Guerra abierta: Victoria Beckham ignora el ataque de su hijo mientras David se justifica

La armadura de perfección que durante décadas ha protegido al clan Beckham presenta, por primera vez, grietas profundas y expuestas al escrutinio global.
Tras el demoledor comunicado de seis páginas emitido por su primogénito, Brooklyn Beckham, en el que denunciaba un control asfixiante y un culto desmedido a la imagen pública, David Beckham ha reaparecido en un escenario atípico para el papel de padre en apuros: el Foro Económico Mundial en Davos.
Entre líderes globales y expertos financieros, el exinternacional inglés ha intentado capear una tormenta familiar que ya no se puede gestionar únicamente con estrategias de marketing.
Con un semblante visiblemente fatigado y esquivo ante las preguntas de la prensa económica, el dueño del Inter de Miami participó inicialmente en el podcast Re-thinking.
Sin embargo, fue en el programa Squawk Box de la cadena CNBC donde el exfutbolista decidió lanzar un mensaje cargado de paternalismo y distancia táctica.
“He descubierto, especialmente con mis hijos, que las redes sociales deben usarse por las razones adecuadas”, afirmó Beckham, para sentenciar después una frase que ya resuena como su única defensa oficial: “Cometen errores, pero a los niños se les permite cometerlos. Así es como aprenden”.
Con estas palabras, David intenta encuadrar la rebelión de su hijo de 25 años como un simple desliz de juventud y no como la crisis de identidad que el joven ha descrito.
La narrativa de Brooklyn, no obstante, es mucho más severa. El joven aspirante a chef, apoyado por su esposa, la heredera Nicola Peltz, ha acusado directamente a sus progenitores de valorar "la promoción pública por encima de todo".
En su testimonio, Brooklyn relata episodios de ansiedad paralizante y desveló detalles espinosos, como el supuesto boicot de Victoria al vestido de novia de su nuera o la negativa de David a recibirlo en su 50º cumpleaños si acudía acompañado de su mujer.

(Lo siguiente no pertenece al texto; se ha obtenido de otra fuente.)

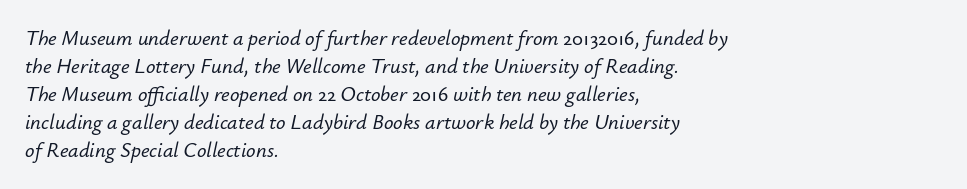
{"italic": "yes", "lean": "right", "slant_degrees": 12, "underline": "no", "align": "left", "line_spacing": "normal", "line_spacing_ratio": 1.33, "letter_spacing": "normal", "letter_spacing_em": 0.0, "glyph_px": 21}

Esta fractura se materializó el año pasado, cuando la pareja decidió renovar sus votos en una ceremonia íntima, excluyendo por completo al núcleo duro de los Beckham.

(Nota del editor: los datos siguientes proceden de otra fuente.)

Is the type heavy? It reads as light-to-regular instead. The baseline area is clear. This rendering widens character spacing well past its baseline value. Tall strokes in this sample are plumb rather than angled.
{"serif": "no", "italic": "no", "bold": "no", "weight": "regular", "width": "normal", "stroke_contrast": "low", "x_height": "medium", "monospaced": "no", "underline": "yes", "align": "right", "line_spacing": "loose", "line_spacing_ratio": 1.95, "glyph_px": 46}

Por su parte, Victoria Beckham ha optado por una estrategia de "silencio activo". En lugar de entrar en la confrontación directa que plantean los seis folios de reproches de su hijo, la diseñadora ha preferido utilizar sus redes sociales —donde suma más de 33 millones de seguidores— para felicitar el cumpleaños a su excompañera de las Spice Girls, Emma Bunton.

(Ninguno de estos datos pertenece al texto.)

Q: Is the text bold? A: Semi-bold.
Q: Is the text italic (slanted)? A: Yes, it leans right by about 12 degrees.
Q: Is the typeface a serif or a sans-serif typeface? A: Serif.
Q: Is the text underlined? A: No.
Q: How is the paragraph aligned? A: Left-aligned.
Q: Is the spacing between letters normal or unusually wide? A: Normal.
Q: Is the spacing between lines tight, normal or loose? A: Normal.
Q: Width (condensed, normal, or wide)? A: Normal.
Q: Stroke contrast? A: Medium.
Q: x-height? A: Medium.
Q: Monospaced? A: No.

Este movimiento, lejos de ser casual, refuerza la imagen de una mujer centrada en su legado y sus afectos históricos, ignorando deliberadamente el incendio mediático provocado por su primogénito.
El peso de una marca global
La familia Beckham ha operado durante un cuarto de siglo no solo como una unidad afectiva, sino como una corporación multinacional valorada en cientos de millones de euros.
La rebelión de Brooklyn supone el primer desafío interno real a un modelo de negocio basado en la cohesión y la imagen impecable, poniendo a prueba la capacidad de resiliencia de una de las marcas personales más potentes del siglo XXI.
Mientras el patriarca apela a la pedagogía del error desde Suiza y la madre se refugia en la nostalgia de los noventa, el resto de la familia intenta mantener la normalidad.
Cruz Beckham, de 20 años, ha aprovechado el foco para anunciar el debut de su banda, The Breakers, en Londres el próximo marzo. El contraste es absoluto: mientras el hijo mayor busca "paz y alivio" lejos del control parental, los menores siguen trazando caminos profesionales bajo el paraguas protector de un apellido que, pese a las declaraciones cruzadas, sigue siendo sinónimo de poder, aunque hoy sea un poco menos invulnerable.